一度手合わせをしてみたいだなんて声も上がったので、それには断固として首を横に振った。
力試しみたいなものなのだとは分かっているが、人にこんな力を向けてはいけない。
ペルソナの力を使って全力で戦って良いのは、マーガレットさんみたいな人相手の時だけだと思う。
この力は、人を傷付ける為のものでは無い。少なくとも自分にとってはそうだ。
そもそも、よっぽどの事が無いと、「戦い」に意識が切り替わらなくてペルソナの力をまともに使えないと思う。
今の自分に出来る事を大体説明し終わって、柱の人達の質問攻めを答えられる限りどうにか捌き切った頃には、そろそろ日が沈みそうになっていた。

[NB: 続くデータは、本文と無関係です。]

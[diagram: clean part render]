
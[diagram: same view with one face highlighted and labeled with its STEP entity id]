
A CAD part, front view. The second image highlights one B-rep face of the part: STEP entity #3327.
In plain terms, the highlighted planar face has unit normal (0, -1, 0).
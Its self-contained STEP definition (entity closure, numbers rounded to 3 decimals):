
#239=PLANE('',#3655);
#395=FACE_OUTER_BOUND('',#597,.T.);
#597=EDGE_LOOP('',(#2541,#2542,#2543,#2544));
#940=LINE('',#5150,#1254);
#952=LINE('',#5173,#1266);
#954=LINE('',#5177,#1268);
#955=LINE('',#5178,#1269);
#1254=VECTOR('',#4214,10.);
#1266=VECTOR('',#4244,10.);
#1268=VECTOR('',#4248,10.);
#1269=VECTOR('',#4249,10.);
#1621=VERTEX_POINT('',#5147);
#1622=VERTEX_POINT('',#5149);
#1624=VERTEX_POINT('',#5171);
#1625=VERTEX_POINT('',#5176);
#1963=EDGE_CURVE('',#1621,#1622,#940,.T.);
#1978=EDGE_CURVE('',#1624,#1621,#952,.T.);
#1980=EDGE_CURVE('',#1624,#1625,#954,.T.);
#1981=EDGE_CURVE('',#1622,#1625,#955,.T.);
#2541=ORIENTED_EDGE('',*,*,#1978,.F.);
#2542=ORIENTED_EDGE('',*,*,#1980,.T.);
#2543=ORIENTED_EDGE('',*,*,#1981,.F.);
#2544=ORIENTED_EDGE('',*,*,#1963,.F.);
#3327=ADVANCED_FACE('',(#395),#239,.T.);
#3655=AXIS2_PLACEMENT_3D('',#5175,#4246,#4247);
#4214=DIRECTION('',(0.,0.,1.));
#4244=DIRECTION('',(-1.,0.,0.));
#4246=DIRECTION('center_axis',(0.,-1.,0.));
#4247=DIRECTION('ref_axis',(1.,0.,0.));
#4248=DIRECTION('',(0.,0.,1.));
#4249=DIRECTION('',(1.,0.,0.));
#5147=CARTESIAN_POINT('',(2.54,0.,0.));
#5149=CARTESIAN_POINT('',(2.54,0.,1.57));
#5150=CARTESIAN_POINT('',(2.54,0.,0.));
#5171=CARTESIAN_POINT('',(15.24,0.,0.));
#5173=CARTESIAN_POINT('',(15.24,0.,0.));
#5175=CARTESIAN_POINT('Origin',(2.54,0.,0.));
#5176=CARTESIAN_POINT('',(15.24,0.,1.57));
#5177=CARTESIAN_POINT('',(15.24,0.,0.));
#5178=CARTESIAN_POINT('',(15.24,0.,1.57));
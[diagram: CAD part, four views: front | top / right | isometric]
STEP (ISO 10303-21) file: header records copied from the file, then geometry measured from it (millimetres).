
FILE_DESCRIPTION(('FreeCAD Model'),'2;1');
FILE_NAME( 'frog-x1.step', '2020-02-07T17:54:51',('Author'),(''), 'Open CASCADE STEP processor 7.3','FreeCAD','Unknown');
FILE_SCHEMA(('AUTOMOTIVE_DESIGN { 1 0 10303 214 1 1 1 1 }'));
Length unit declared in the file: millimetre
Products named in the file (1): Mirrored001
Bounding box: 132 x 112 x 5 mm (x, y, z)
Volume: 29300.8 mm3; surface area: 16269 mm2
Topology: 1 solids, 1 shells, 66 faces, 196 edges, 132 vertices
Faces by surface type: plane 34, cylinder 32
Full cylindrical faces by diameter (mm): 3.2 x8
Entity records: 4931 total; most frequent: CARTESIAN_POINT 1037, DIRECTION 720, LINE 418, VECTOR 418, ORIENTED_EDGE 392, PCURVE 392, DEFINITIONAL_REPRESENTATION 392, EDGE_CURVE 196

鬼殺の時間が迫っている事で、その場は一旦解散となる。
また何処かで柱の人に呼び出されるのかもしれないけれど……まあその時はその時だ。
自分も蝶屋敷に帰るなり、何処かに任務に向かうなりしようと、その場を離れようとしたその時。
突然後ろから肩を掴まれた
敵意は無いその行動に反応が一瞬遅れてしまい、それに驚いて見上げると。
肩を掴んでいたのは音柱の宇髄さんだった。
「よお、ちょっと付き合って貰いたい任務があるんだが、大丈夫か?」
何やら真剣な表情のそれを断る理由など特には無くて。勿論だ、と頷いた。